Source records
☆ ☆ ☆ ☆

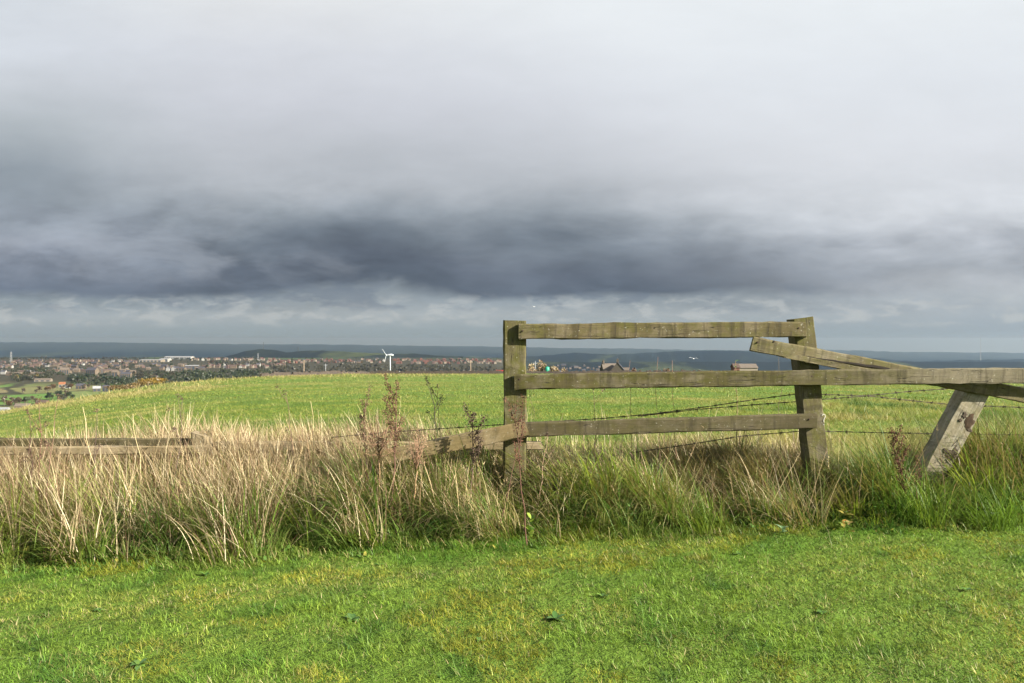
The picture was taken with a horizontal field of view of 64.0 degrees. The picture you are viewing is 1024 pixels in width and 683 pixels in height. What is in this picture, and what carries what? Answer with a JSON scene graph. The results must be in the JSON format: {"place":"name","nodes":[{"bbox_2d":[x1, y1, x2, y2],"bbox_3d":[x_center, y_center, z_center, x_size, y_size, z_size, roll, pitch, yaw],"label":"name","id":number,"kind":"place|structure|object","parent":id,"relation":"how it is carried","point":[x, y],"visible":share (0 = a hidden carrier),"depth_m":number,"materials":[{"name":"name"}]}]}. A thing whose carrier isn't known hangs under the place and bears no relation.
{"place":"outdoors","nodes":[
{"label":"outdoors","id":0,"kind":"place"},
{"bbox_2d":[0,374,1023,682],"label":"ground","id":1,"kind":"structure","parent":0,"point":[194,660],"depth_m":3.50,"materials":[{"name":"green plant"}]},
{"bbox_2d":[21,413,43,489],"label":"dead stalk","id":2,"kind":"object","parent":1,"relation":"on","point":[30,450],"visible":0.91,"depth_m":4.60,"materials":[{"name":"brown plant"}]},
{"bbox_2d":[23,395,49,511],"bbox_3d":[-2.640,0.716,4.553,0.131,0.839,0.038,0,0,-31],"label":"dead stalk","id":3,"kind":"object","parent":1,"relation":"on","point":[46,445],"visible":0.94,"depth_m":4.55,"materials":[{"name":"brown plant"}]},
{"bbox_2d":[33,394,61,503],"bbox_3d":[-2.555,0.714,4.498,0.154,0.854,0.058,0,0,-5],"label":"dead stalk","id":4,"kind":"object","parent":1,"relation":"on","point":[45,441],"visible":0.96,"depth_m":4.50,"materials":[{"name":"brown plant"}]},
{"bbox_2d":[83,409,99,503],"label":"dead stalk","id":5,"kind":"object","parent":1,"relation":"on","point":[89,451],"visible":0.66,"depth_m":4.65,"materials":[{"name":"beige plant"}]},
{"bbox_2d":[94,408,103,476],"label":"dead stalk","id":6,"kind":"object","parent":1,"relation":"on","point":[95,445],"visible":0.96,"depth_m":4.75,"materials":[{"name":"brown plant"}]},
{"bbox_2d":[104,384,128,390],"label":"bracken","id":7,"kind":"object","parent":1,"relation":"on","point":[111,387],"visible":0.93,"depth_m":71.69,"materials":[{"name":"orange plant"}]},
{"bbox_2d":[121,385,138,388],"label":"bracken","id":8,"kind":"object","parent":1,"relation":"on","point":[132,386],"visible":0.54,"depth_m":74.24,"materials":[{"name":"orange plant"}]},
{"bbox_2d":[130,658,147,670],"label":"broadleaf weed","id":9,"kind":"object","parent":1,"relation":"on","point":[139,662],"visible":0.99,"depth_m":2.88,"materials":[{"name":"green plant"}]},
{"bbox_2d":[133,424,144,492],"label":"dead stalk","id":10,"kind":"object","parent":1,"relation":"on","point":[139,453],"visible":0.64,"depth_m":4.70,"materials":[{"name":"beige plant"}]},
{"bbox_2d":[127,381,152,387],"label":"bracken","id":11,"kind":"object","parent":1,"relation":"on","point":[141,383],"visible":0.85,"depth_m":77.30,"materials":[{"name":"orange plant"}]},
{"bbox_2d":[136,378,157,385],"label":"bracken","id":12,"kind":"object","parent":1,"relation":"on","point":[148,379],"visible":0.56,"depth_m":80.75,"materials":[{"name":"orange plant"}]},
{"bbox_2d":[147,377,167,383],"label":"bracken","id":13,"kind":"object","parent":1,"relation":"on","point":[160,379],"visible":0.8,"depth_m":83.42,"materials":[{"name":"orange plant"}]},
{"bbox_2d":[164,405,176,479],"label":"dead stalk","id":14,"kind":"object","parent":1,"relation":"on","point":[168,438],"visible":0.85,"depth_m":4.80,"materials":[{"name":"brown plant"}]},
{"bbox_2d":[170,394,187,499],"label":"dead stalk","id":15,"kind":"object","parent":1,"relation":"on","point":[172,430],"visible":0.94,"depth_m":4.71,"materials":[{"name":"brown plant"}]},
{"bbox_2d":[0,430,543,470],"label":"collapsed fence","id":16,"kind":"object","parent":1,"relation":"on","point":[107,443],"visible":0.6,"depth_m":5.06,"materials":[{"name":"wood"}]},
{"bbox_2d":[275,383,295,483],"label":"dead stalk","id":17,"kind":"object","parent":1,"relation":"on","point":[289,422],"visible":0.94,"depth_m":4.80,"materials":[{"name":"brown plant"}]},
{"bbox_2d":[310,401,318,483],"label":"dead stalk","id":18,"kind":"object","parent":1,"relation":"on","point":[314,445],"visible":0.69,"depth_m":4.75,"materials":[{"name":"brown plant"}]},
{"bbox_2d":[345,613,359,622],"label":"broadleaf weed","id":19,"kind":"object","parent":1,"relation":"on","point":[353,616],"visible":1,"depth_m":3.31,"materials":[{"name":"green plant"}]},
{"bbox_2d":[357,383,372,490],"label":"dock plant","id":20,"kind":"object","parent":1,"relation":"on","point":[364,411],"visible":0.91,"depth_m":4.62,"materials":[{"name":"brown plant"}]},
{"bbox_2d":[354,410,405,503],"bbox_3d":[-0.737,0.719,4.572,0.296,0.671,0.236,0,0,0],"label":"dead flower stalk","id":21,"kind":"object","parent":1,"relation":"on","point":[381,445],"visible":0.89,"depth_m":4.56,"materials":[{"name":"brown plant"}]},
{"bbox_2d":[382,373,404,529],"bbox_3d":[-0.650,0.617,4.494,0.128,0.892,0.088,0,0,0],"label":"dock plant","id":22,"kind":"object","parent":1,"relation":"on","point":[389,398],"visible":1,"depth_m":4.49,"materials":[{"name":"brown plant"}]},
{"bbox_2d":[404,425,430,525],"bbox_3d":[-0.522,0.751,4.495,0.155,0.616,0.144,0,0,0],"label":"dead flower stalk","id":23,"kind":"object","parent":1,"relation":"on","point":[417,456],"visible":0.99,"depth_m":4.50,"materials":[{"name":"brown plant"}]},
{"bbox_2d":[426,380,441,436],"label":"dead stalk","id":24,"kind":"object","parent":1,"relation":"on","point":[433,393],"visible":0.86,"depth_m":5.20,"materials":[{"name":"brown plant"}]},
{"bbox_2d":[425,376,445,435],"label":"dead stalk","id":25,"kind":"object","parent":1,"relation":"on","point":[426,377],"visible":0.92,"depth_m":5.15,"materials":[{"name":"brown plant"}]},
{"bbox_2d":[462,402,487,497],"bbox_3d":[-0.214,0.684,4.585,0.138,0.695,0.123,0,0,-18],"label":"dock plant","id":26,"kind":"object","parent":1,"relation":"on","point":[477,450],"visible":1,"depth_m":4.59,"materials":[{"name":"brown plant"}]},
{"bbox_2d":[259,370,739,376],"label":"stone wall","id":27,"kind":"structure","parent":1,"relation":"on","point":[411,372],"depth_m":140.82,"materials":[{"name":"grey stone"}]},
{"bbox_2d":[0,484,1022,574],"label":"ground cover","id":28,"kind":"object","parent":1,"relation":"on","point":[181,553],"visible":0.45,"depth_m":4.29,"materials":[{"name":"green plant"}]},
{"bbox_2d":[497,414,525,531],"bbox_3d":[-0.004,0.725,4.420,0.165,0.666,0.052,0,0,0],"label":"dock plant","id":29,"kind":"object","parent":1,"relation":"on","point":[512,470],"visible":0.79,"depth_m":4.42,"materials":[{"name":"brown plant"}]},
{"bbox_2d":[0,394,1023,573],"bbox_3d":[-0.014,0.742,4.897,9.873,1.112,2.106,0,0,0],"label":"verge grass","id":30,"kind":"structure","parent":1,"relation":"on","point":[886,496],"depth_m":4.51,"materials":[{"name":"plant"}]},
{"bbox_2d":[0,399,1023,566],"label":"dry grass","id":31,"kind":"structure","parent":1,"relation":"on","point":[84,460],"depth_m":4.69,"materials":[{"name":"plant"}]},
{"bbox_2d":[0,372,1023,476],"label":"pasture grass","id":32,"kind":"structure","parent":1,"relation":"on","point":[863,409],"depth_m":14.71,"materials":[{"name":"green plant"}]},
{"bbox_2d":[502,396,526,545],"bbox_3d":[0.045,0.718,4.343,0.107,0.886,0.197,0,0,-44],"label":"dock plant","id":33,"kind":"object","parent":1,"relation":"on","point":[518,445],"visible":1,"depth_m":4.36,"materials":[{"name":"brown plant"}]},
{"bbox_2d":[522,513,534,536],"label":"broadleaf weed","id":34,"kind":"object","parent":1,"relation":"on","point":[531,529],"visible":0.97,"depth_m":4.35,"materials":[{"name":"green plant"}]},
{"bbox_2d":[527,363,536,370],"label":"shrub","id":35,"kind":"object","parent":1,"relation":"on","point":[530,367],"visible":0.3,"depth_m":288.23,"materials":[{"name":"beige plant"}]},
{"bbox_2d":[536,360,546,370],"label":"shrub","id":36,"kind":"object","parent":1,"relation":"on","point":[542,367],"visible":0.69,"depth_m":290.78,"materials":[{"name":"beige plant"}]},
{"bbox_2d":[535,433,554,517],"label":"dead stalk","id":37,"kind":"object","parent":1,"relation":"on","point":[546,434],"visible":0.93,"depth_m":4.62,"materials":[{"name":"brown plant"}]},
{"bbox_2d":[550,366,559,371],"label":"shrub","id":38,"kind":"object","parent":1,"relation":"on","point":[552,368],"visible":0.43,"depth_m":295.13,"materials":[{"name":"beige plant"}]},
{"bbox_2d":[547,611,565,620],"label":"broadleaf weed","id":39,"kind":"object","parent":1,"relation":"on","point":[554,615],"visible":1,"depth_m":3.29,"materials":[{"name":"green plant"}]},
{"bbox_2d":[590,389,604,462],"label":"dead stalk","id":40,"kind":"object","parent":1,"relation":"on","point":[594,419],"visible":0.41,"depth_m":5.30,"materials":[{"name":"brown plant"}]},
{"bbox_2d":[600,360,615,370],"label":"farmhouse","id":41,"kind":"object","parent":1,"relation":"on","point":[606,366],"visible":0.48,"depth_m":298.94,"materials":[{"name":"grey stone"}]},
{"bbox_2d":[611,358,623,370],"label":"farm building","id":42,"kind":"structure","parent":1,"relation":"on","point":[618,367],"depth_m":293.75,"materials":[{"name":"grey stone"}]},
{"bbox_2d":[629,365,631,457],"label":"dead stalk","id":43,"kind":"object","parent":1,"relation":"on","point":[631,418],"visible":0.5,"depth_m":5.15,"materials":[{"name":"brown plant"}]},
{"bbox_2d":[369,316,1023,507],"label":"wooden fence","id":44,"kind":"object","parent":1,"relation":"on","point":[806,380],"visible":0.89,"depth_m":4.76,"materials":[{"name":"brown wood"}]},
{"bbox_2d":[332,424,502,439],"bbox_3d":[-0.541,0.546,5.021,1.174,0.127,0.035,0,0,7],"label":"barbed wire","id":45,"kind":"object","parent":44,"relation":"attached to","point":[458,427],"visible":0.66,"depth_m":5.01,"materials":[{"name":"metal"}]},
{"bbox_2d":[529,393,1023,421],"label":"barbed wire","id":46,"kind":"object","parent":44,"relation":"attached to","point":[754,399],"visible":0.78,"depth_m":4.94,"materials":[{"name":"grey metal"}]},
{"bbox_2d":[631,429,1023,452],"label":"barbed wire","id":47,"kind":"object","parent":44,"relation":"attached to","point":[846,432],"visible":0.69,"depth_m":4.94,"materials":[{"name":"metal"}]},
{"bbox_2d":[637,384,1023,416],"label":"barbed wire","id":48,"kind":"object","parent":44,"relation":"attached to","point":[752,404],"visible":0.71,"depth_m":4.97,"materials":[{"name":"grey metal"}]},
{"bbox_2d":[749,337,1023,402],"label":"loose board","id":49,"kind":"object","parent":44,"relation":"attached to","point":[821,357],"visible":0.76,"depth_m":4.77,"materials":[{"name":"wood"}]},
{"bbox_2d":[730,363,739,370],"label":"farm building","id":50,"kind":"structure","parent":1,"relation":"on","point":[733,367],"depth_m":287.96,"materials":[{"name":"brick"}]},
{"bbox_2d":[732,360,741,467],"bbox_3d":[1.409,0.507,5.149,0.071,0.781,0.067,0,0,-36],"label":"leafy sprout","id":51,"kind":"object","parent":1,"relation":"on","point":[735,366],"visible":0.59,"depth_m":5.15,"materials":[{"name":"brown plant"}]},
{"bbox_2d":[739,364,757,370],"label":"farm building","id":52,"kind":"structure","parent":1,"relation":"on","point":[748,367],"depth_m":287.86,"materials":[{"name":"stone"}]},
{"bbox_2d":[778,357,781,468],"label":"dead stalk","id":53,"kind":"object","parent":1,"relation":"on","point":[778,412],"visible":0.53,"depth_m":5.15,"materials":[{"name":"brown plant"}]},
{"bbox_2d":[776,524,787,532],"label":"broadleaf weed","id":54,"kind":"object","parent":1,"relation":"on","point":[783,529],"visible":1,"depth_m":4.30,"materials":[{"name":"green plant"}]},
{"bbox_2d":[836,509,852,526],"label":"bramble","id":55,"kind":"object","parent":1,"relation":"on","point":[843,523],"visible":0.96,"depth_m":4.35,"materials":[{"name":"yellow plant"}]},
{"bbox_2d":[887,425,910,506],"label":"dock plant","id":56,"kind":"object","parent":1,"relation":"on","point":[896,462],"visible":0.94,"depth_m":4.54,"materials":[{"name":"plant"}]},
{"bbox_2d":[910,454,922,505],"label":"dock plant","id":57,"kind":"object","parent":1,"relation":"on","point":[916,470],"visible":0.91,"depth_m":4.50,"materials":[{"name":"brown plant"}]},
{"bbox_2d":[911,390,988,489],"bbox_3d":[2.595,0.571,4.876,0.469,0.701,0.134,0,0,0],"label":"leaning post","id":58,"kind":"object","parent":1,"relation":"on","point":[965,408],"visible":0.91,"depth_m":4.82,"materials":[{"name":"grey wood"}]},
{"bbox_2d":[945,453,959,475],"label":"dead stalk","id":59,"kind":"object","parent":1,"relation":"on","point":[958,459],"visible":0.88,"depth_m":4.80,"materials":[{"name":"beige plant"}]},
{"bbox_2d":[0,342,1023,371],"bbox_3d":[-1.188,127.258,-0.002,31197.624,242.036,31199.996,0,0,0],"label":"hills","id":60,"kind":"structure","parent":0,"point":[643,360],"depth_m":9614.50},
{"bbox_2d":[0,357,1023,408],"bbox_3d":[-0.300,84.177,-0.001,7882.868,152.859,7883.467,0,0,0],"label":"valley","id":61,"kind":"structure","parent":0,"point":[9,387],"depth_m":1965.39,"materials":[{"name":"green plant"}]},
{"bbox_2d":[0,396,7,405],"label":"tree","id":62,"kind":"object","parent":61,"relation":"on","point":[3,399],"visible":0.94,"depth_m":907.27,"materials":[{"name":"green plant"}]},
{"bbox_2d":[14,403,30,407],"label":"barn","id":63,"kind":"structure","parent":61,"relation":"on","point":[18,405],"depth_m":858.10,"materials":[{"name":"stone"}]},
{"bbox_2d":[10,366,54,381],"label":"woodland","id":64,"kind":"object","parent":61,"relation":"on","point":[40,375],"visible":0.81,"depth_m":1517.75,"materials":[{"name":"green plant"}]},
{"bbox_2d":[35,400,49,404],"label":"barn","id":65,"kind":"structure","parent":61,"relation":"on","point":[42,401],"depth_m":907.33,"materials":[{"name":"brick"}]},
{"bbox_2d":[34,378,52,381],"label":"farm shed","id":66,"kind":"structure","parent":61,"relation":"on","point":[43,379],"depth_m":1383.87,"materials":[{"name":"stone"}]},
{"bbox_2d":[59,367,69,374],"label":"stone mill","id":67,"kind":"object","parent":61,"relation":"on","point":[66,370],"visible":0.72,"depth_m":1610.72,"materials":[{"name":"stone"}]},
{"bbox_2d":[0,360,138,370],"bbox_3d":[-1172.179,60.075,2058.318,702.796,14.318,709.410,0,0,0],"label":"woodland","id":68,"kind":"object","parent":61,"relation":"on","point":[4,368],"visible":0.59,"depth_m":2073.47,"materials":[{"name":"green plant"}]},
{"bbox_2d":[76,383,86,388],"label":"farmhouse","id":69,"kind":"object","parent":61,"relation":"on","point":[78,386],"visible":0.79,"depth_m":1189.91,"materials":[{"name":"stone"}]},
{"bbox_2d":[86,367,98,375],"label":"stone mill","id":70,"kind":"object","parent":61,"relation":"on","point":[91,370],"visible":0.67,"depth_m":1553.77,"materials":[{"name":"stone"}]},
{"bbox_2d":[92,386,100,391],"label":"farm building","id":71,"kind":"structure","parent":61,"relation":"on","point":[96,388],"depth_m":1146.46,"materials":[{"name":"grey stone"}]},
{"bbox_2d":[67,372,137,385],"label":"woodland","id":72,"kind":"object","parent":61,"relation":"on","point":[127,380],"visible":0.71,"depth_m":1330.71,"materials":[{"name":"green plant"}]},
{"bbox_2d":[102,385,110,391],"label":"house","id":73,"kind":"structure","parent":61,"relation":"on","point":[104,389],"depth_m":1146.98,"materials":[{"name":"grey stone"}]},
{"bbox_2d":[112,370,118,377],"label":"stone mill","id":74,"kind":"object","parent":61,"relation":"on","point":[115,373],"visible":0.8,"depth_m":1479.70,"materials":[{"name":"stone"}]},
{"bbox_2d":[120,372,131,377],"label":"terrace","id":75,"kind":"structure","parent":61,"relation":"on","point":[127,374],"depth_m":1474.34,"materials":[{"name":"stone"}]},
{"bbox_2d":[1,356,264,359],"bbox_3d":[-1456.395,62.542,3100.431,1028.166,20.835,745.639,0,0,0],"label":"woodland","id":76,"kind":"object","parent":61,"relation":"on","point":[87,358],"visible":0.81,"depth_m":3056.91,"materials":[{"name":"green plant"}]},
{"bbox_2d":[139,359,164,361],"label":"industrial hall","id":77,"kind":"structure","parent":61,"relation":"on","point":[152,360],"depth_m":2400.26,"materials":[{"name":"white metal"}]},
{"bbox_2d":[132,369,178,377],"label":"woodland","id":78,"kind":"object","parent":61,"relation":"on","point":[138,374],"visible":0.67,"depth_m":1533.50,"materials":[{"name":"green plant"}]},
{"bbox_2d":[164,356,194,358],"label":"industrial hall","id":79,"kind":"structure","parent":61,"relation":"on","point":[183,357],"depth_m":3200.07,"materials":[{"name":"white metal"}]},
{"bbox_2d":[176,367,185,370],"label":"hall","id":80,"kind":"structure","parent":61,"relation":"on","point":[179,368],"depth_m":1861.43,"materials":[{"name":"stone"}]},
{"bbox_2d":[185,365,199,369],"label":"office block","id":81,"kind":"structure","parent":61,"relation":"on","point":[192,367],"depth_m":1919.88,"materials":[{"name":"grey stone"}]},
{"bbox_2d":[141,367,273,383],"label":"woodland","id":82,"kind":"object","parent":61,"relation":"on","point":[204,375],"visible":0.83,"depth_m":1523.18,"materials":[{"name":"green plant"}]},
{"bbox_2d":[208,360,491,371],"bbox_3d":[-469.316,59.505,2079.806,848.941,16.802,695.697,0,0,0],"label":"woodland","id":83,"kind":"object","parent":61,"relation":"on","point":[446,366],"visible":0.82,"depth_m":1978.87,"materials":[{"name":"green plant"}]},
{"bbox_2d":[247,367,502,372],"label":"woodland","id":84,"kind":"object","parent":61,"relation":"on","point":[349,369],"visible":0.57,"depth_m":1731.63,"materials":[{"name":"green plant"}]},
{"bbox_2d":[382,349,393,369],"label":"wind turbine","id":85,"kind":"object","parent":61,"relation":"on","point":[390,355],"visible":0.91,"depth_m":329.74,"materials":[{"name":"white paint"}]},
{"bbox_2d":[0,0,1023,352],"label":"sky","id":86,"kind":"structure","parent":0,"point":[330,172],"materials":[{"name":"grey"}]}
]}

☆ ☆ ☆ ☆

- Task to complete
Look over the records above and copy each line that includes the string "ground".

- Task output
{"bbox_2d":[0,374,1023,682],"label":"ground","id":1,"kind":"structure","parent":0,"point":[194,660],"depth_m":3.50,"materials":[{"name":"green plant"}]},
{"bbox_2d":[0,484,1022,574],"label":"ground cover","id":28,"kind":"object","parent":1,"relation":"on","point":[181,553],"visible":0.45,"depth_m":4.29,"materials":[{"name":"green plant"}]},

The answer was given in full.